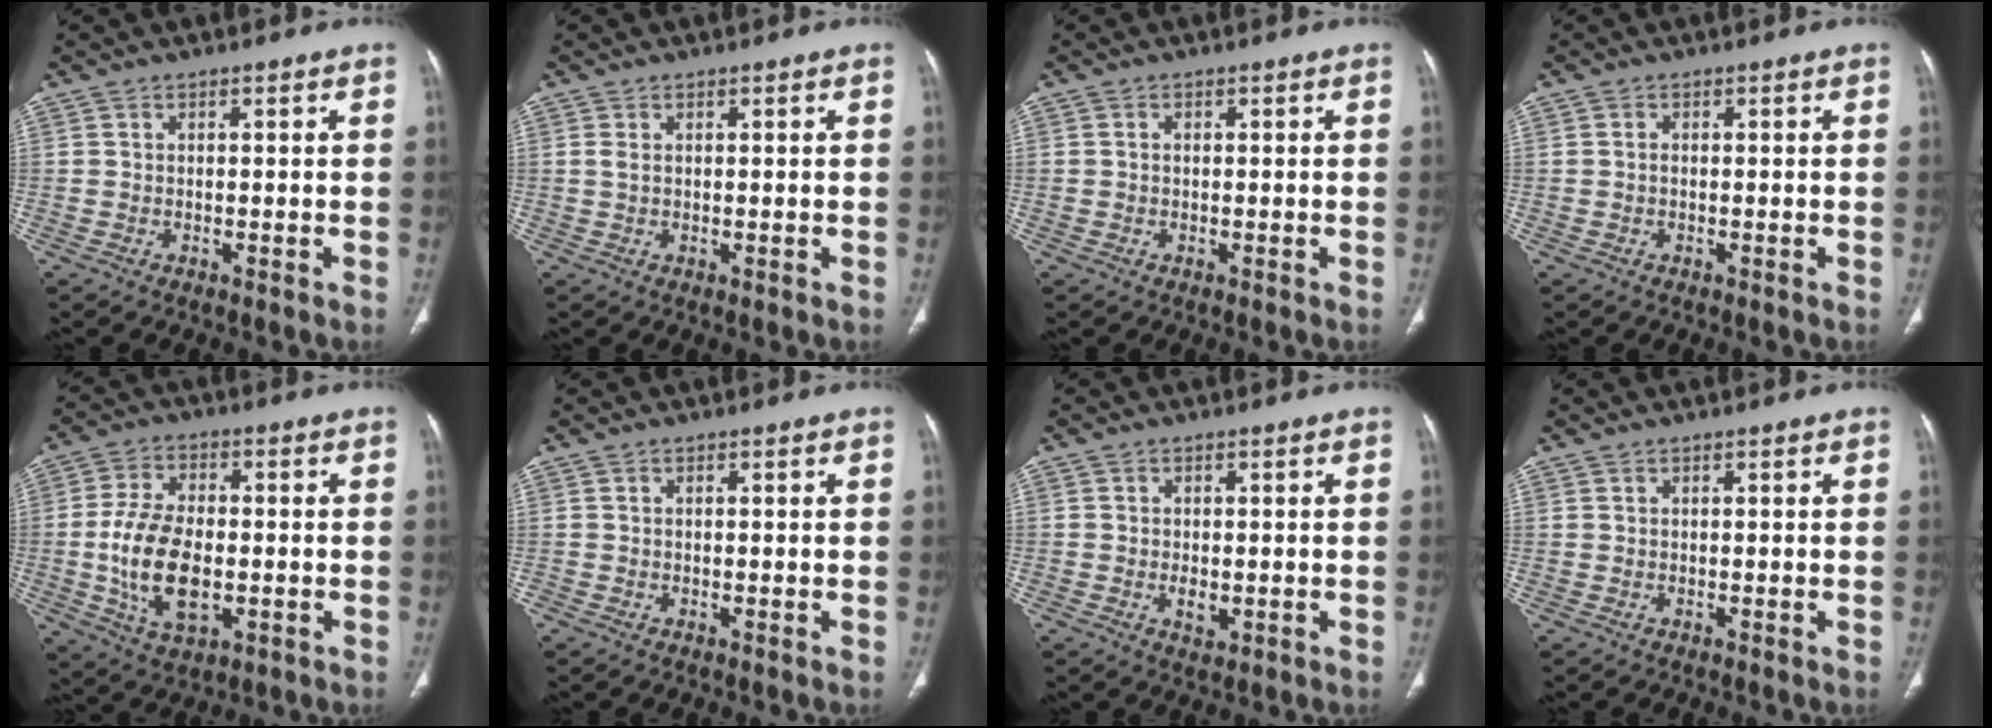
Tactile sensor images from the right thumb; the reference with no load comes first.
{"total": 1.1, "force": [0.3, 0.5, 0.9], "torque": [-0.025, 0.000, 0.010]}
{"total": 0.7, "force": [0.1, 0.5, 0.4], "torque": [-0.009, 0.002, 0.002]}
{"total": 0.6, "force": [0.0, 0.4, 0.5], "torque": [-0.011, 0.001, -0.001]}
{"total": 13.4, "force": [-2.0, 7.7, 10.8], "torque": [-0.193, 0.003, -0.030]}
{"total": 0.0}
{"total": 2.7, "force": [-0.6, 1.8, 1.9], "torque": [-0.024, 0.001, -0.005]}
{"total": 0.0}
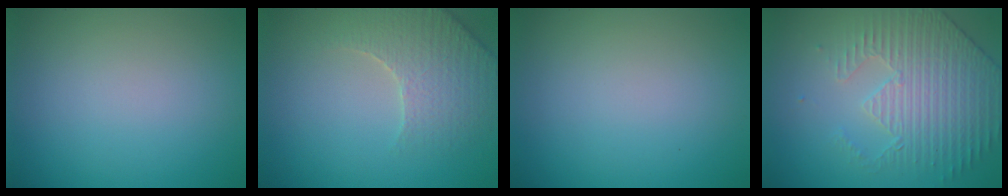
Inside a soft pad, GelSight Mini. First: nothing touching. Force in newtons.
{"total": 4.4, "press": 4.2, "slide": 1.1}
{"total": 0.0}
{"total": 4.4, "press": 3.8, "slide": 2.3}
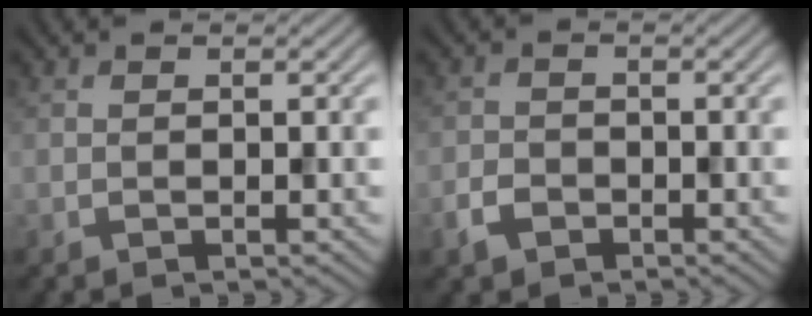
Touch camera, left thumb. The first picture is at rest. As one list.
[{"total": 2.5, "force": [-1.5, 1.6, 1.0], "torque": [-0.022, -0.003, -0.037]}]
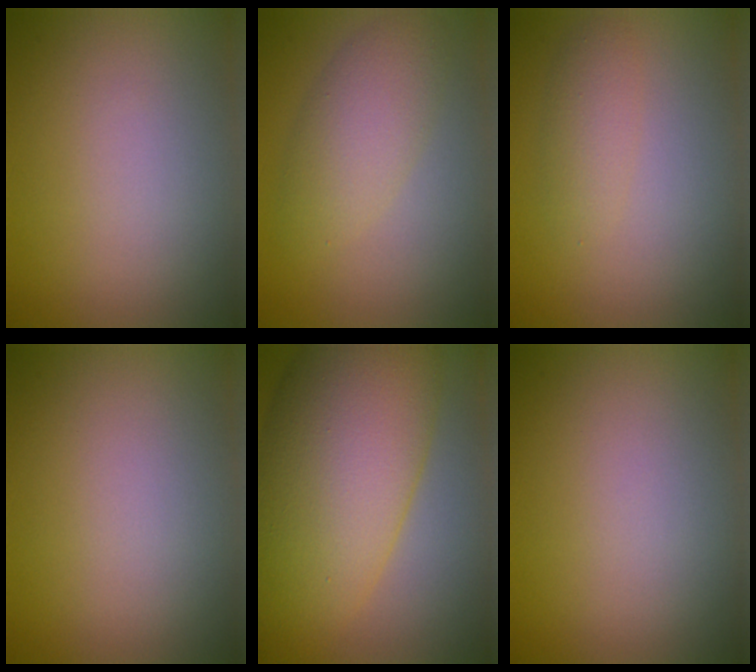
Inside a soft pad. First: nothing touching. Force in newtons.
{"total": 4.0, "press": 4.0, "slide": 0.1}
{"total": 1.8, "press": 1.8, "slide": 0.0}
{"total": 0.0}
{"total": 13.2, "press": 13.2, "slide": 0.4}
{"total": 0.0}
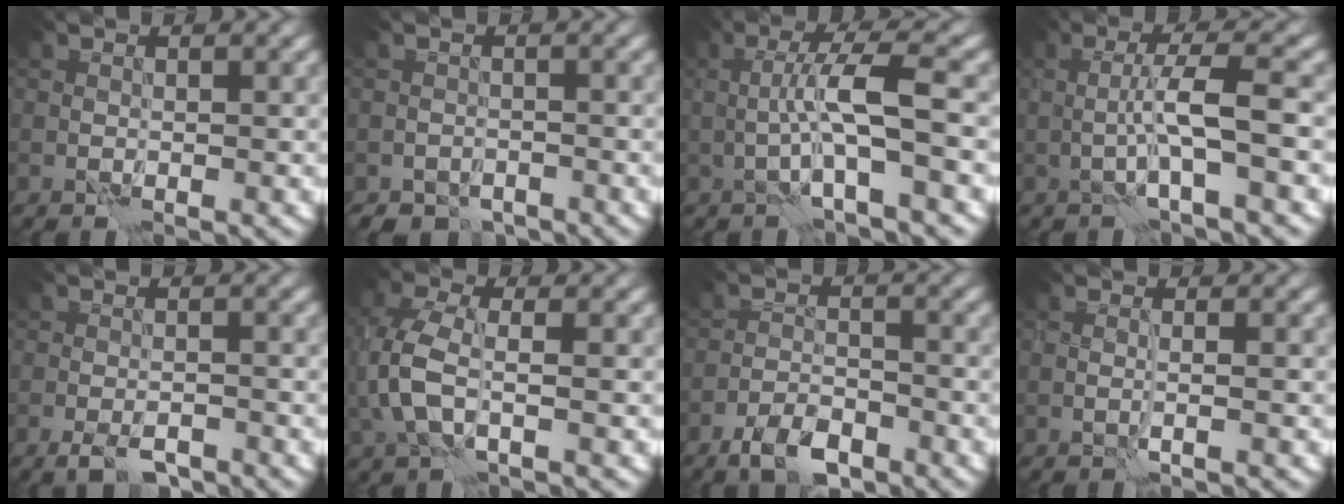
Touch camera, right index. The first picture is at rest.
{"total": 1.9, "force": [-1.6, 1.0, 0.0], "torque": [0.009, -0.001, -0.030]}
{"total": 4.9, "force": [0.0, 0.5, 4.9], "torque": [-0.091, 0.015, -0.003]}
{"total": 4.1, "force": [-0.1, 0.2, 4.1], "torque": [-0.076, 0.010, -0.005]}
{"total": 2.6, "force": [-1.9, 0.8, 1.6], "torque": [-0.025, -0.003, -0.032]}
{"total": 4.4, "force": [-0.1, 2.3, 3.8], "torque": [-0.105, 0.002, -0.006]}
{"total": 3.8, "force": [-2.8, 1.4, 2.2], "torque": [-0.034, -0.002, -0.056]}
{"total": 0.6, "force": [0.0, -0.4, 0.5], "torque": [-0.007, -0.004, -0.003]}
——
• Task item: Return the data above unchanged. Pictures are not part of the copy.

• Exercise response:
Tactile sensor images from the right thumb; the reference with no load comes first.
{"total": 1.1, "force": [0.3, 0.5, 0.9], "torque": [-0.025, 0.000, 0.010]}
{"total": 0.7, "force": [0.1, 0.5, 0.4], "torque": [-0.009, 0.002, 0.002]}
{"total": 0.6, "force": [0.0, 0.4, 0.5], "torque": [-0.011, 0.001, -0.001]}
{"total": 13.4, "force": [-2.0, 7.7, 10.8], "torque": [-0.193, 0.003, -0.030]}
{"total": 0.0}
{"total": 2.7, "force": [-0.6, 1.8, 1.9], "torque": [-0.024, 0.001, -0.005]}
{"total": 0.0}
Inside a soft pad, GelSight Mini. First: nothing touching. Force in newtons.
{"total": 4.4, "press": 4.2, "slide": 1.1}
{"total": 0.0}
{"total": 4.4, "press": 3.8, "slide": 2.3}
Touch camera, left thumb. The first picture is at rest. As one list.
[{"total": 2.5, "force": [-1.5, 1.6, 1.0], "torque": [-0.022, -0.003, -0.037]}]
Inside a soft pad. First: nothing touching. Force in newtons.
{"total": 4.0, "press": 4.0, "slide": 0.1}
{"total": 1.8, "press": 1.8, "slide": 0.0}
{"total": 0.0}
{"total": 13.2, "press": 13.2, "slide": 0.4}
{"total": 0.0}
Touch camera, right index. The first picture is at rest.
{"total": 1.9, "force": [-1.6, 1.0, 0.0], "torque": [0.009, -0.001, -0.030]}
{"total": 4.9, "force": [0.0, 0.5, 4.9], "torque": [-0.091, 0.015, -0.003]}
{"total": 4.1, "force": [-0.1, 0.2, 4.1], "torque": [-0.076, 0.010, -0.005]}
{"total": 2.6, "force": [-1.9, 0.8, 1.6], "torque": [-0.025, -0.003, -0.032]}
{"total": 4.4, "force": [-0.1, 2.3, 3.8], "torque": [-0.105, 0.002, -0.006]}
{"total": 3.8, "force": [-2.8, 1.4, 2.2], "torque": [-0.034, -0.002, -0.056]}
{"total": 0.6, "force": [0.0, -0.4, 0.5], "torque": [-0.007, -0.004, -0.003]}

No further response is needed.